- **Directions**
Any picture in the data below should be skipped, while every line is repeated exactly.

- **The data**
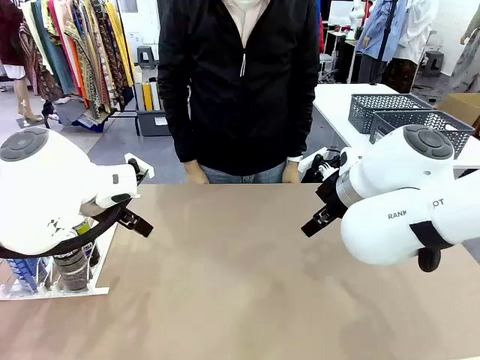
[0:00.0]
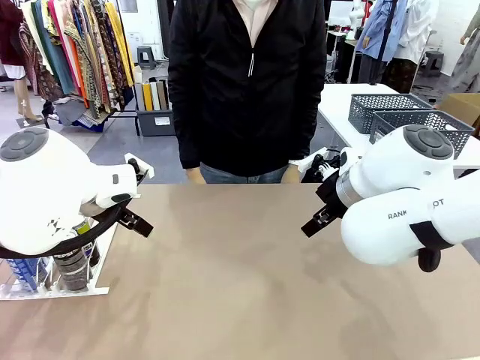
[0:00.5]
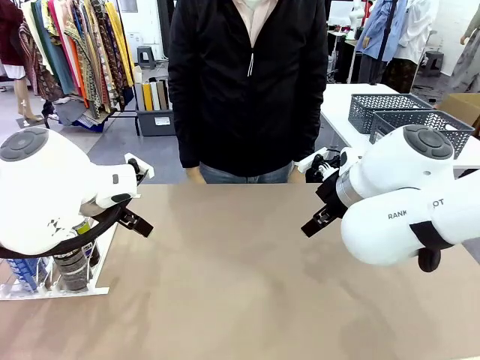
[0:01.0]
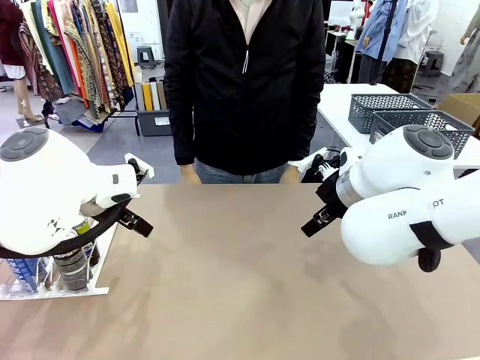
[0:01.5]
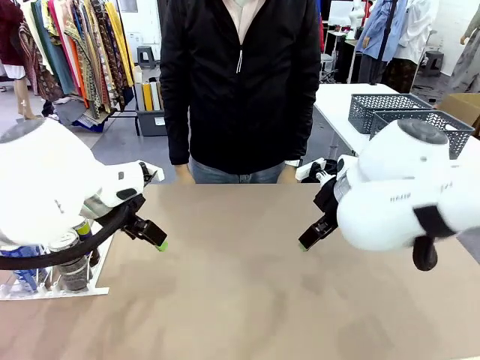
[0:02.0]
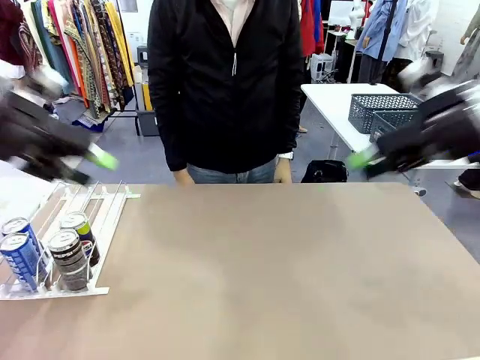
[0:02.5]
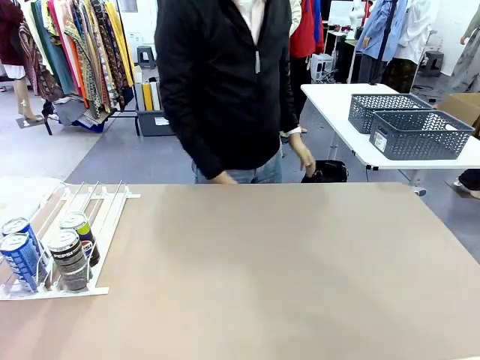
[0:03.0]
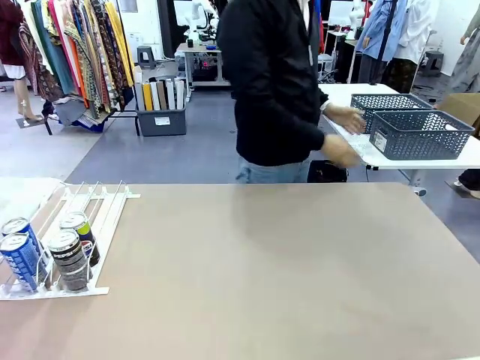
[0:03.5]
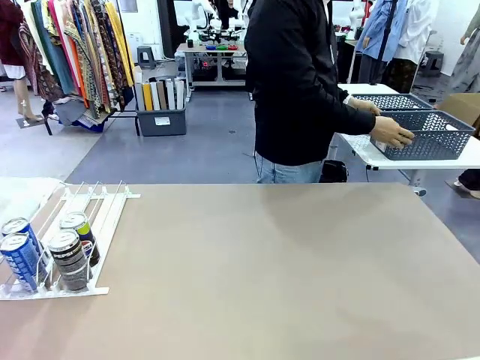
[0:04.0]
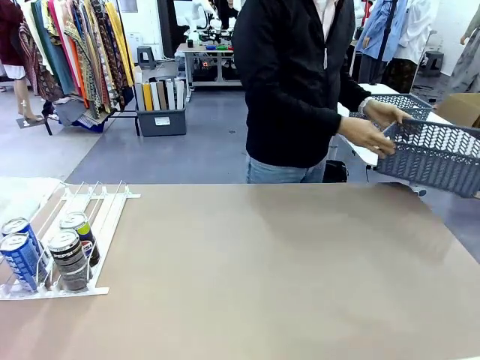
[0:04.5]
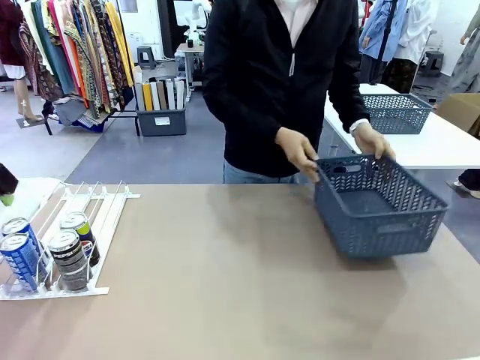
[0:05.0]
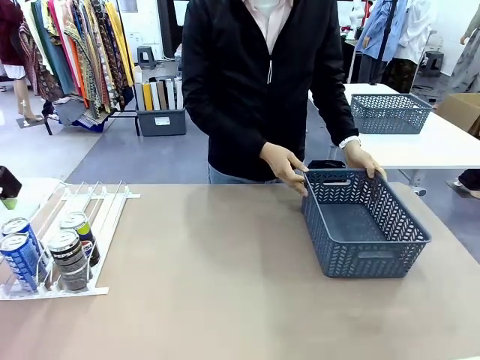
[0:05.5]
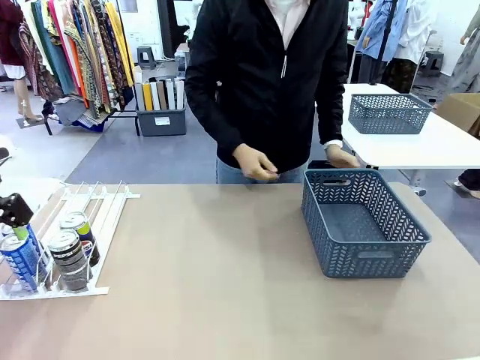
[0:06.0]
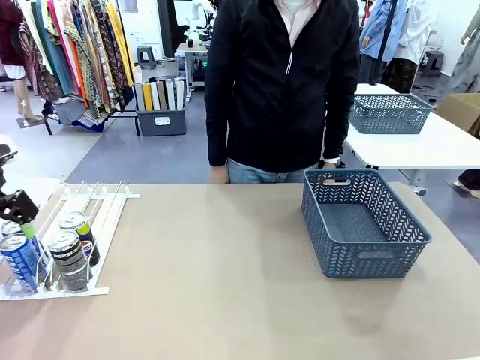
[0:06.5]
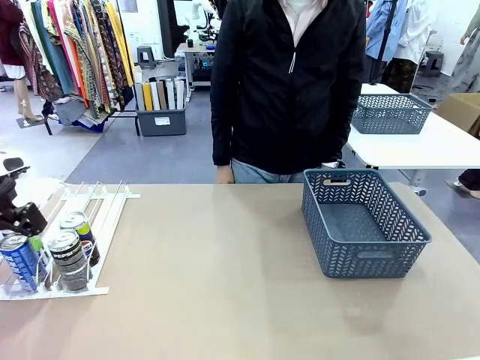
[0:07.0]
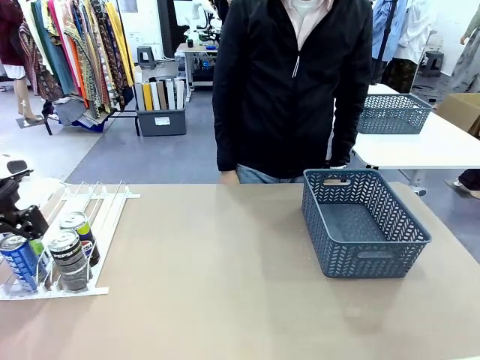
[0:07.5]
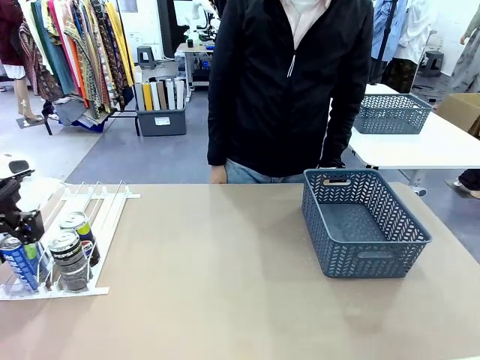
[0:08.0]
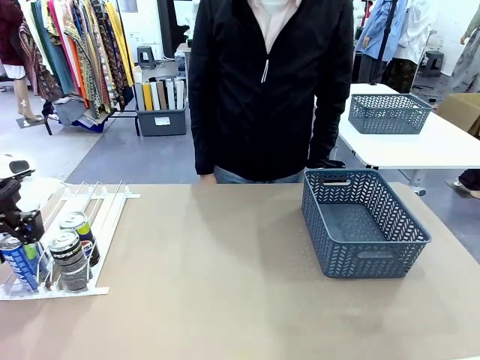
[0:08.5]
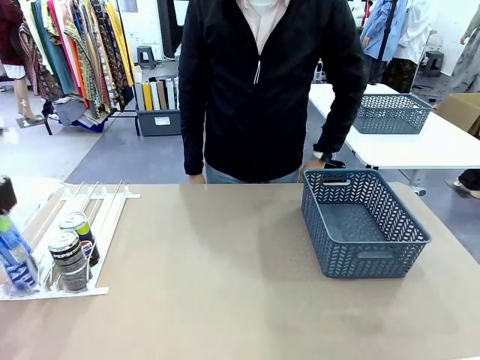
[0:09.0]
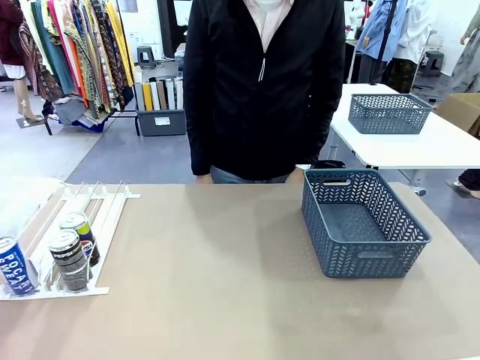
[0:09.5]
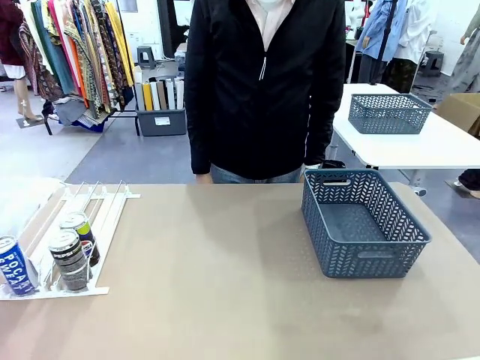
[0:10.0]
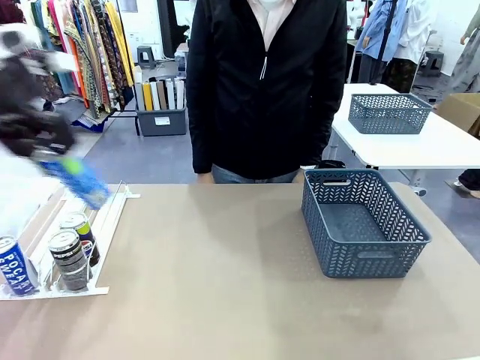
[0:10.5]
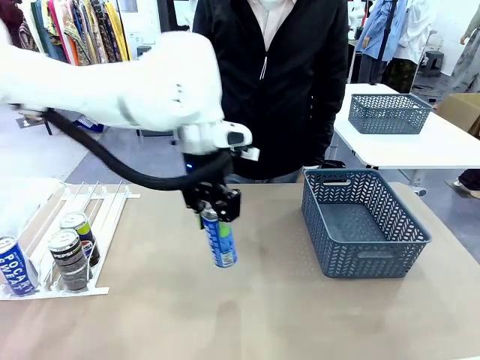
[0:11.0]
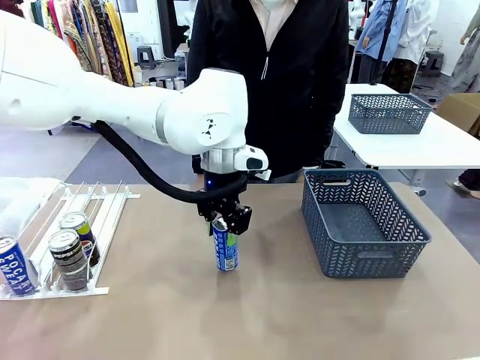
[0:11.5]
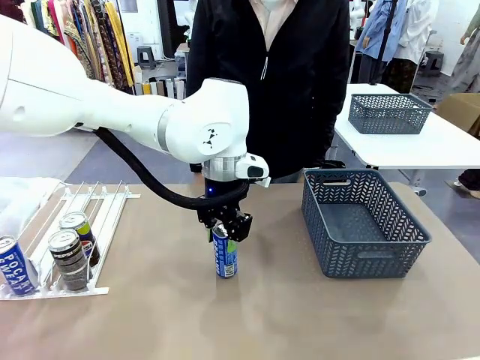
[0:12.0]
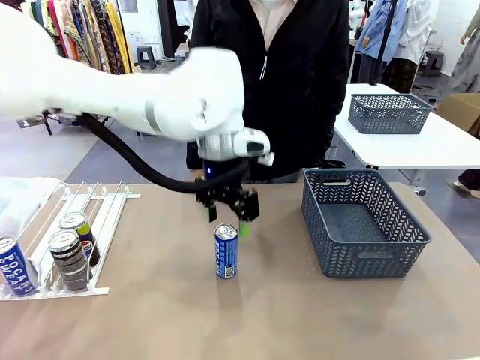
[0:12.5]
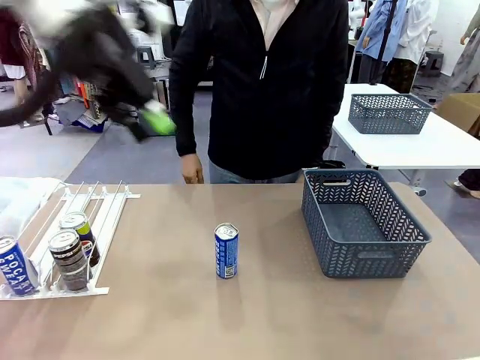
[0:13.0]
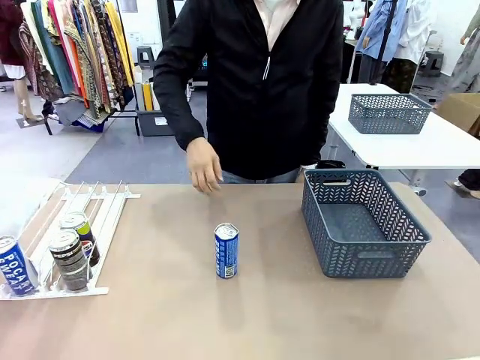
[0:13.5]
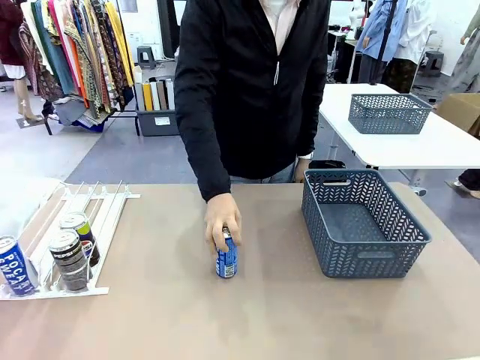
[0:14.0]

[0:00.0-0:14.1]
Task: Retrieve and store the cans from the dispenser.
Robot: Pick up one can from the Automatic Can Dispenser and place it in the middle of the table.
Person: Pick up the basket and place it on the left side of the robot table.

- **Result of the task**
[0:00.0]
[0:00.5]
[0:01.0]
[0:01.5]
[0:02.0]
[0:02.5]
[0:03.0]
[0:03.5]
[0:04.0]
[0:04.5]
[0:05.0]
[0:05.5]
[0:06.0]
[0:06.5]
[0:07.0]
[0:07.5]
[0:08.0]
[0:08.5]
[0:09.0]
[0:09.5]
[0:10.0]
[0:10.5]
[0:11.0]
[0:11.5]
[0:12.0]
[0:12.5]
[0:13.0]
[0:13.5]
[0:14.0]

[0:00.0-0:14.1]
Task: Retrieve and store the cans from the dispenser.
Robot: Pick up one can from the Automatic Can Dispenser and place it in the middle of the table.
Person: Pick up the basket and place it on the left side of the robot table.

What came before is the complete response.